JSON::Path and node iteration

frazap has asked for the wisdom of the Perl Monks concerning the following question:

I have the following json data

{"status":"ok","message-type":"work-list","message-version":"1.0.0","m
+essage":{"facets":{},"total-results":1,"items":[{"author":[{"given":"
+Brahim","family":"Oubaha","sequence":"first","affiliation":[{"name":"
+Laboratory of Biology and Biotechnology of Microorganisms Faculty of 
+Sciences Semlalia Cadi Ayyad University Marrakech Morocco"},{"name":"
+Laboratory of Interaction Plant\u2010Microorganisms, Department of Bi
+ology University of Fribourg Fribourg Switzerland"}]},{"given":"Ahmed
+","family":"Nafis","sequence":"additional","affiliation":[{"name":"La
+boratory of Biology and Biotechnology of Microorganisms Faculty of Sc
+iences Semlalia Cadi Ayyad University Marrakech Morocco"}]},{"given":
+"Mohamed","family":"Baz","sequence":"additional","affiliation":[{"nam
+e":"Laboratory of Biology and Biotechnology of Microorganisms Faculty
+ of Sciences Semlalia Cadi Ayyad University Marrakech Morocco"}]},{"g
+iven":"Felix","family":"Mauch","sequence":"additional","affiliation":
+[{"name":"Laboratory of Interaction Plant\u2010Microorganisms, Depart
+ment of Biology University of Fribourg Fribourg Switzerland"}]},{"ORC
+ID":"http:\/\/orcid.org\/0000-0001-7949-5592","authenticated-orcid":f
+alse,"given":"Mustapha","family":"Barakate","sequence":"additional","
+affiliation":[{"name":"Laboratory of Biology and Biotechnology of Mic
+roorganisms Faculty of Sciences Semlalia Cadi Ayyad University Marrak
+ech Morocco"},{"name":"Agrobiosciences &amp; Fertilizers Program Univ
+ersity Mohammed IV Polytechnic (UM6P) Benguerir Morocco"}]}],"title":
+["The potential of antagonistic moroccan\n            Streptomyces\n 
+           isolates for the biological control of damping\u2010off di
+sease of pea (\n            Pisum sativum\n            L.) caused by\
+n            Aphanomyces euteiches"]}],"items-per-page":20,"query":{"
+start-index":0,"search-terms":null}}}
[download]

That comes from the CrossRef metadata repository

I want to extract the names and affiliations with the format name, firstname; affiliation1 - affiliation2 - ...

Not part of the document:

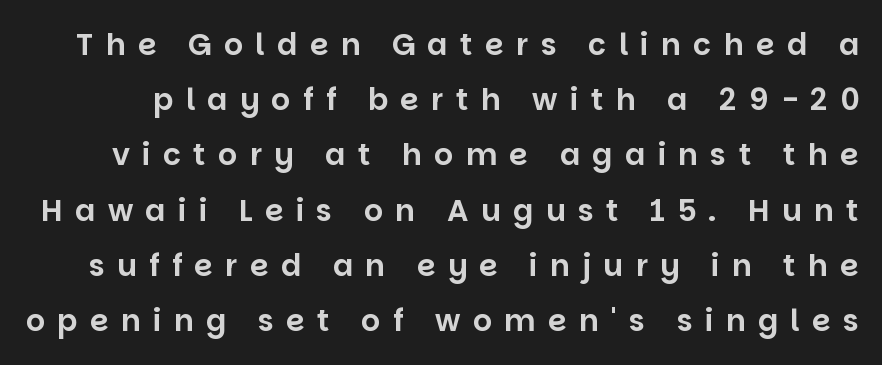
The image shows 30 px sans-serif type, upright; set line spacing 1.84x, unusually wide letter spacing (+0.41 em), not underlined; low stroke contrast and a large x-height.

I have the following code that works

sub unfoldauthors {
    my ($data_ar) = @_;
    return unless ($data_ar);
    $data_ar = $data_ar->[0];

    # die Dumper $data_ar;
    my @paths = qw( $..family $..given $..affiliation );
    my @selectors;
    for my $p (@paths) {
        push @selectors, JSON::Path->new($p);
    }
    my $aff_name = JSON::Path->new('$..name');
    my $name;

    my @lines;
    my @sep = ( ", ", "; ", " " );
    my $col = 0;
    for my $s (@selectors) {

        my @text = $s->values($data_ar);
        #print $col, " ", Dumper(@text), "\n";
        my $authors_limit = 50;
        my $last          = $authors_limit - 1;
        if ( @text > $authors_limit ) {
            @text = @text[ 0 .. $last ];
            $text[$last] .= " ..." if ( $col == 1 );
        }
        my $pos = 0;
        for my $name (@text) {
            #print "$col $name\n";
            if ( $col == 2 ) {
                my @aff = $aff_name->values( $text[$pos] );
                #print "aff:", Dumper( @aff ), "\n";
                $name = join( " - ", @aff );
                #print "\$name $name\n";
            }
            $lines[ $pos++ ] .= $name . $sep[$col];
        }
        $col++;
    }
    return \@lines;
}
[download]

I first iterate over the nodes at the "upper level" family, given, affiliation, and for the affiliation array ref, I extract the name values.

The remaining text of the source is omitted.